Here are a few of my compensatory plans:
* biking to swim lessons at the outdoor pool (shifting work hours to accomodate)
* post-3pm outings to library, Herrles, park, air conditioned mall, etc.
* looking after the neighbours’ chickens (all this week! nearly a dozen eggs collected this morning!)
* dogsitting (first go, this weekend; and we’d be open to dogsitting more often, if you have a dog you’d like sat)
* one promised day-trip to the local outdoor water park (Albus got a free pass for volunteering as a crossing guard at school; very clever, local outdoor water park, very clever)
* summer movie matinee
* one week away at a cottage
* visiting brand new cousin, when born (due August 8th!)
* ?? TBA
* please share your plans and ideas
And a few more compensatory plans, for myself:
* swimming during the little kids’ swim lessons
* more exercise in the evenings, fewer early mornings (I’m down to two/week, and barely managing it; no naptime, and late nights)
* stretching after soccer
* taking time to hang the laundry outside, even during work hours
* saying yes to social invitations
She’s at camp. And I miss her.
All the way home, after dropping her off, I felt a vague uneasiness, an undercurrent of anxiety. When I expressed it to Kevin, he understood. We were both feeling it. The feeling of not being near one of our children, which is a luxury we completely take for granted in every day life.
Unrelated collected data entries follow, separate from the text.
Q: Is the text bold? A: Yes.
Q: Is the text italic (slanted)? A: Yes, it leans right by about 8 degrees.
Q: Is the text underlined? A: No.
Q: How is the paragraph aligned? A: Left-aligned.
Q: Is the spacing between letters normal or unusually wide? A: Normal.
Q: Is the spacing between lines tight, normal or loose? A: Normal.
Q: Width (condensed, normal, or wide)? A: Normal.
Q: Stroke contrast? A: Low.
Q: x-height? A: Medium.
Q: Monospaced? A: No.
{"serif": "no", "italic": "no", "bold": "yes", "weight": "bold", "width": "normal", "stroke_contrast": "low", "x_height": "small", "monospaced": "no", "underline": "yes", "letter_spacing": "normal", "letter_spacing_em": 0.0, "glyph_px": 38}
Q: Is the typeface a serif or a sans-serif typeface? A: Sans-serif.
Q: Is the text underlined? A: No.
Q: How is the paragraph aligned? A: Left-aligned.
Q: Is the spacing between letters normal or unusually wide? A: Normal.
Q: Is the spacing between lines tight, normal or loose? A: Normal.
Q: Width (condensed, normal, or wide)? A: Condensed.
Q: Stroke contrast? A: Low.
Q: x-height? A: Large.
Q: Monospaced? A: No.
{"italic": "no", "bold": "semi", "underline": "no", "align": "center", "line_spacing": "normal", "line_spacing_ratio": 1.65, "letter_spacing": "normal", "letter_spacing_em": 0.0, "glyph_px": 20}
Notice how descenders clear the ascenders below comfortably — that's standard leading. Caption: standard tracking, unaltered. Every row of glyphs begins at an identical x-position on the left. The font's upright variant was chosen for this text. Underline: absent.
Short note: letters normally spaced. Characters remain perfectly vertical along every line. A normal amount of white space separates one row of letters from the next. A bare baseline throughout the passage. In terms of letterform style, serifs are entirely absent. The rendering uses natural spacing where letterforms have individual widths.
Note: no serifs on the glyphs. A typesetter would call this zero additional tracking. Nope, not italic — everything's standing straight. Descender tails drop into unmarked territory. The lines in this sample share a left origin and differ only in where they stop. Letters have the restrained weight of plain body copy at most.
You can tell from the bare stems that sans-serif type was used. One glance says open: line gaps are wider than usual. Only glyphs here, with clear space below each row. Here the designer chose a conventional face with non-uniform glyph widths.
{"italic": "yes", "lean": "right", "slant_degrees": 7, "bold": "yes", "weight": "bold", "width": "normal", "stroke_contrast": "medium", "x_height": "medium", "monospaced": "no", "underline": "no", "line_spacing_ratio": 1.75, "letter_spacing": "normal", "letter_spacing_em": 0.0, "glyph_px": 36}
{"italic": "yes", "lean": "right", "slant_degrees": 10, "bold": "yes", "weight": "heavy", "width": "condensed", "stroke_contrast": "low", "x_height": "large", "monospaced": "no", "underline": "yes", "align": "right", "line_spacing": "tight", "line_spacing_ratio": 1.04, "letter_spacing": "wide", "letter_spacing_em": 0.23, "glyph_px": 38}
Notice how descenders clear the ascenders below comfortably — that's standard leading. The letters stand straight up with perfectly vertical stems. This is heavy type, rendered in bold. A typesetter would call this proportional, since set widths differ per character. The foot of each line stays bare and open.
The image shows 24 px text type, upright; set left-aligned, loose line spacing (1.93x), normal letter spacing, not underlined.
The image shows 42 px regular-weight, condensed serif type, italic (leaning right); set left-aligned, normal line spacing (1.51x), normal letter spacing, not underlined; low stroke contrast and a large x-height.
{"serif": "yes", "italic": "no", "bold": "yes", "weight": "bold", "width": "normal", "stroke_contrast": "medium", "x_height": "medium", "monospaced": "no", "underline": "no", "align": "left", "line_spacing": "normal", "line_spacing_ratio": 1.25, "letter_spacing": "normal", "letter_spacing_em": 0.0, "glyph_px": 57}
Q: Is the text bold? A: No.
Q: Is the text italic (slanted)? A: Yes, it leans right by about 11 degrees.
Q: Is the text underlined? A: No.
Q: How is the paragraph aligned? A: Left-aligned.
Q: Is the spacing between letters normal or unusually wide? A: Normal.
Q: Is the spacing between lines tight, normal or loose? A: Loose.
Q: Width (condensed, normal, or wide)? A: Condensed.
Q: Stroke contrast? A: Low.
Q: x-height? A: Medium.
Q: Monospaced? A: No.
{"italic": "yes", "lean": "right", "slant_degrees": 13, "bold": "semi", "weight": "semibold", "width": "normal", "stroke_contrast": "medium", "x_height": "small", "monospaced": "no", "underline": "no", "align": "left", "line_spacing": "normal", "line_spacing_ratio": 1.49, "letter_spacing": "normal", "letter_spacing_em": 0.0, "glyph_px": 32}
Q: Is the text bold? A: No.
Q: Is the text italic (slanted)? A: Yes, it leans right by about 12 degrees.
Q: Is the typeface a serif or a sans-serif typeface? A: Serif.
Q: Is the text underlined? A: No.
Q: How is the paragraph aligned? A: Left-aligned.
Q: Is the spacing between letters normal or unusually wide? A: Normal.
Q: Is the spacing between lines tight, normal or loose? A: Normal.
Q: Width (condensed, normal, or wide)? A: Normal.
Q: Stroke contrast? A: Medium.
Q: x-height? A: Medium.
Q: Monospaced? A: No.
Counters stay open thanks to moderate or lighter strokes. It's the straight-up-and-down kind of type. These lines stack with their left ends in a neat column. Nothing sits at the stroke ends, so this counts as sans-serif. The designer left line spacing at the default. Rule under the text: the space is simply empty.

It came to me: this is parenthood. Our children are going to grow up and away from us, but we may not exactly grow up and away from them. In some fundamental way, we will always feel that they belong to us; even when they are quite certain they don’t.
I’m not talking about this little one, of course. She still makes her claims on me as strongly as I claim her. But in ten years? Twenty? Thirty?
Will it feel then, as it does right now, that a small piece of me has been mislaid?